WHAT THE TASK ASKS: Pictures should not appear in the copy; the records themselves must be written out exactly.

Data excerpts:
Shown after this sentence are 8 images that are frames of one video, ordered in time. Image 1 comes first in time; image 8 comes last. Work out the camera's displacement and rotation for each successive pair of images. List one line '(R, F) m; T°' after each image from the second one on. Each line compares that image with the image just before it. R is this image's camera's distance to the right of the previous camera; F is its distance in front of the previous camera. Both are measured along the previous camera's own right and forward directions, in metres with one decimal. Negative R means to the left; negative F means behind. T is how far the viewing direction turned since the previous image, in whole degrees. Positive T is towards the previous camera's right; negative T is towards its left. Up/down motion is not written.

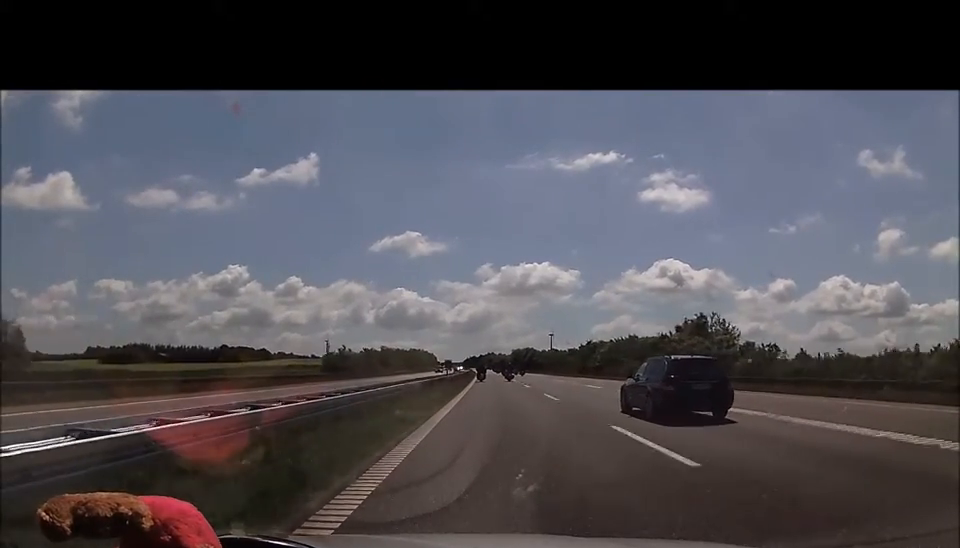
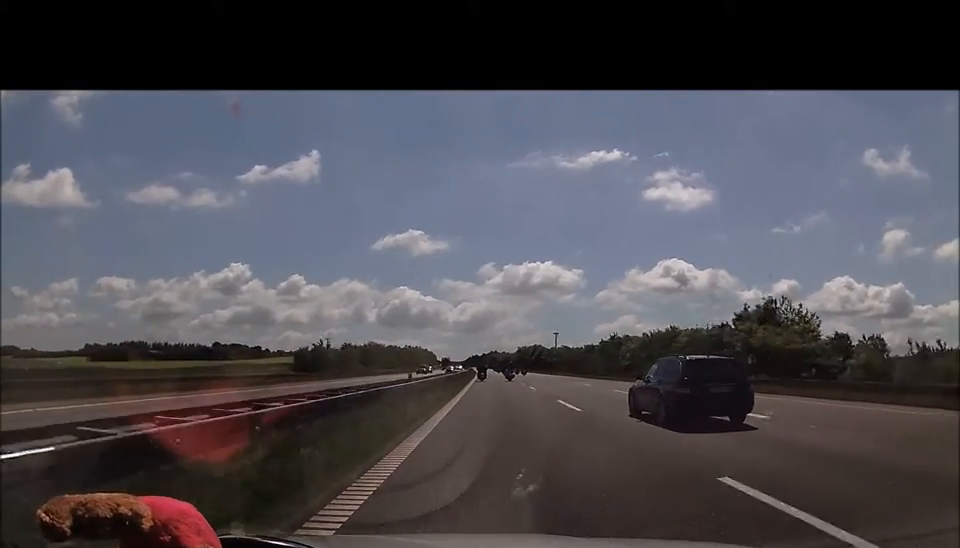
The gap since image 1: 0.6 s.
(-0.1, +21.5) m; 0°
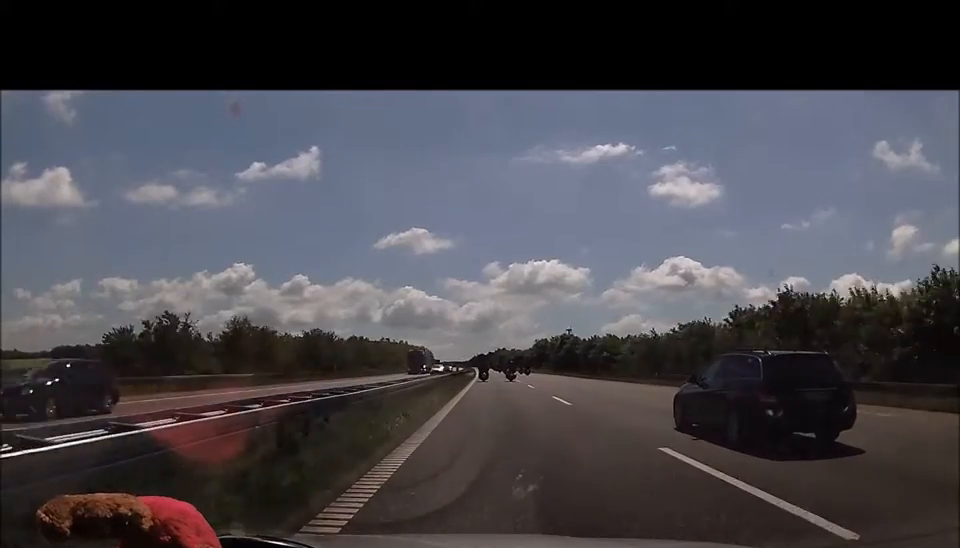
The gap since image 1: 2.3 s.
(-0.5, +59.6) m; 0°
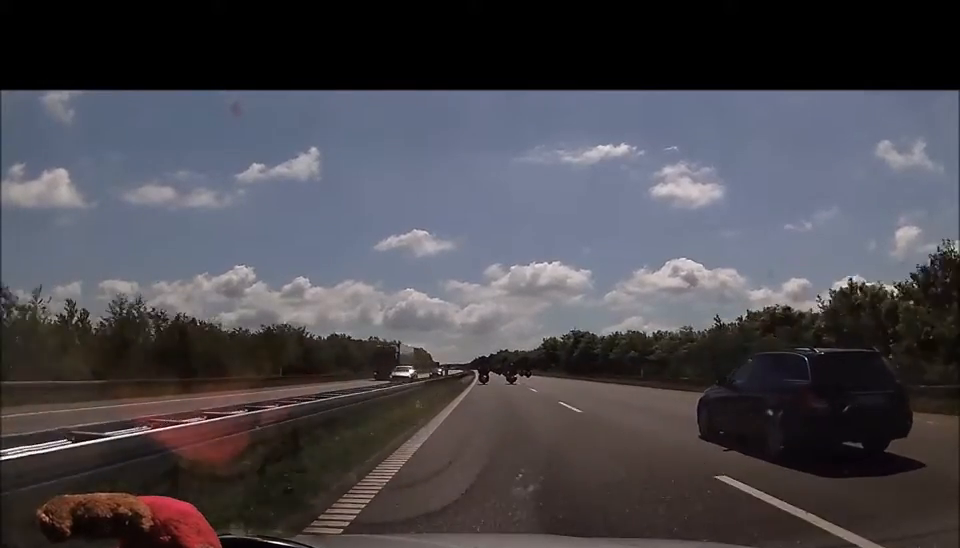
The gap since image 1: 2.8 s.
(-0.1, +20.2) m; 0°
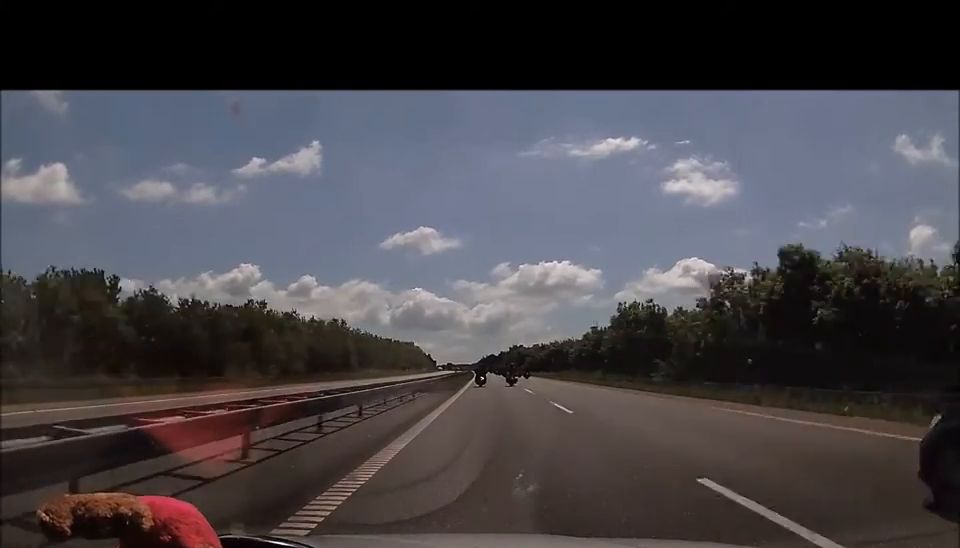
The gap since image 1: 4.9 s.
(-0.8, +75.0) m; -1°
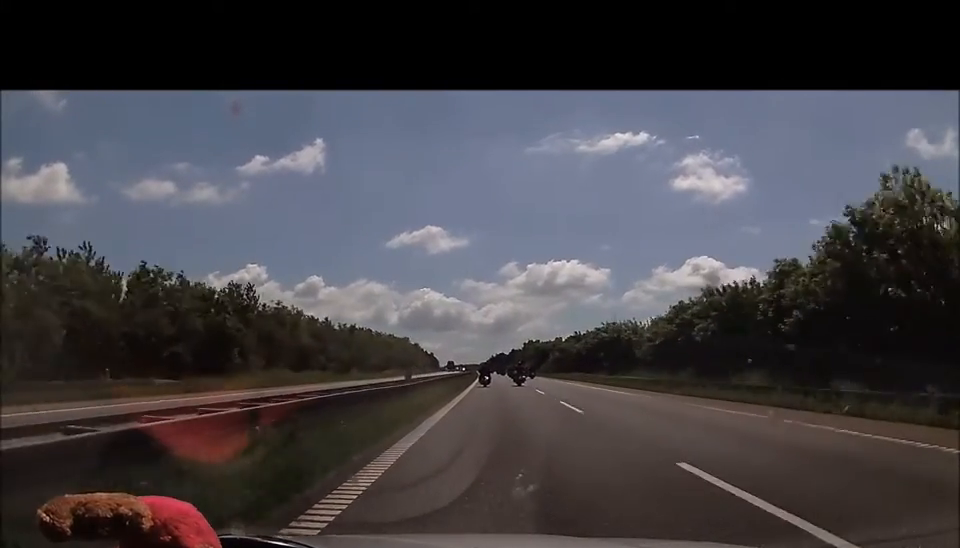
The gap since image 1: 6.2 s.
(-0.2, +45.2) m; -1°
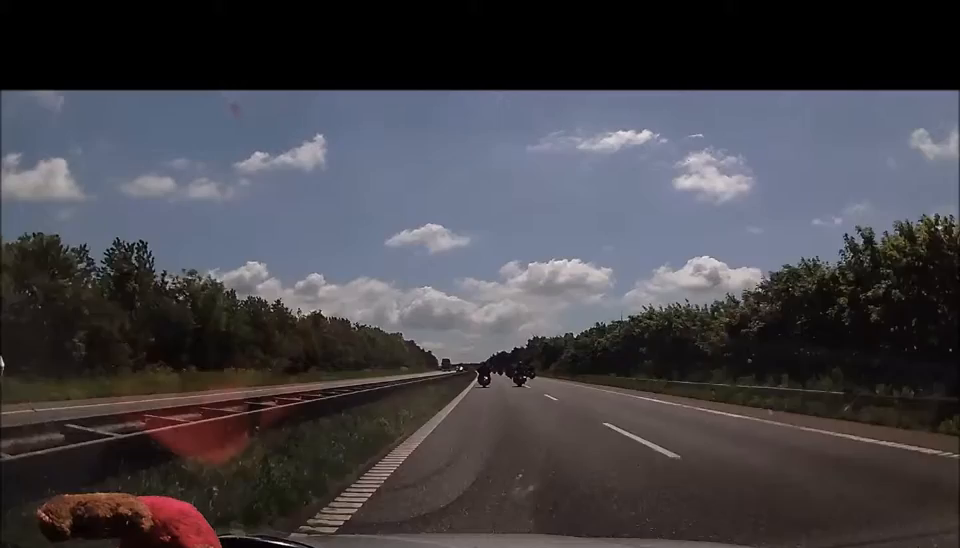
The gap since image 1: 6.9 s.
(-0.1, +23.8) m; 0°
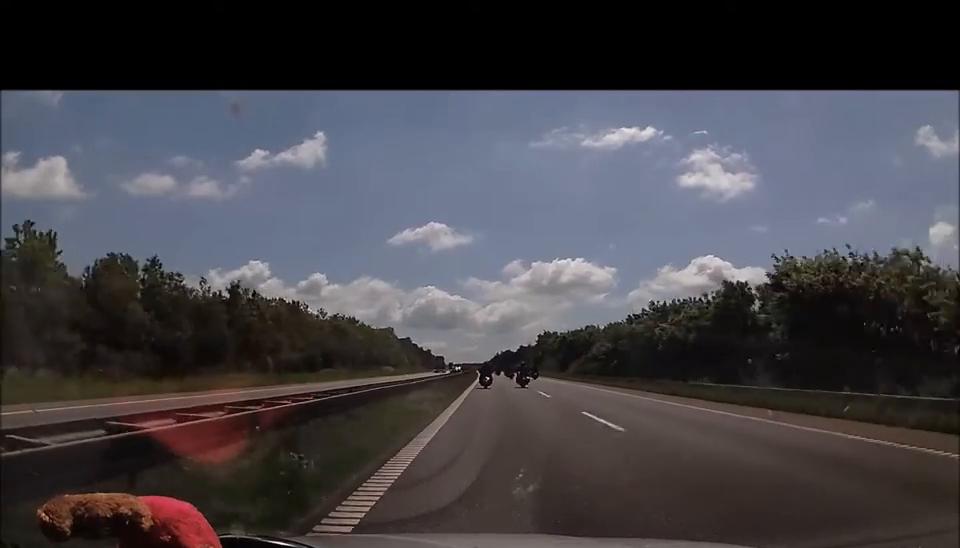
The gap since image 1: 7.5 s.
(-0.1, +22.5) m; 0°

RESPONSE AREA:
Shown after this sentence are 8 images that are frames of one video, ordered in time. Image 1 comes first in time; image 8 comes last. Work out the camera's displacement and rotation for each successive pair of images. List one line '(R, F) m; T°' after each image from the second one on. Each line compares that image with the image just before it. R is this image's camera's distance to the right of the previous camera; F is its distance in front of the previous camera. Both are measured along the previous camera's own right and forward directions, in metres with one decimal. Negative R means to the left; negative F means behind. T is how far the viewing direction turned since the previous image, in whole degrees. Positive T is towards the previous camera's right; negative T is towards its left. Up/down motion is not written.

The gap since image 1: 0.6 s.
(-0.1, +21.5) m; 0°
The gap since image 1: 2.3 s.
(-0.5, +59.6) m; 0°
The gap since image 1: 2.8 s.
(-0.1, +20.2) m; 0°
The gap since image 1: 4.9 s.
(-0.8, +75.0) m; -1°
The gap since image 1: 6.2 s.
(-0.2, +45.2) m; -1°
The gap since image 1: 6.9 s.
(-0.1, +23.8) m; 0°
The gap since image 1: 7.5 s.
(-0.1, +22.5) m; 0°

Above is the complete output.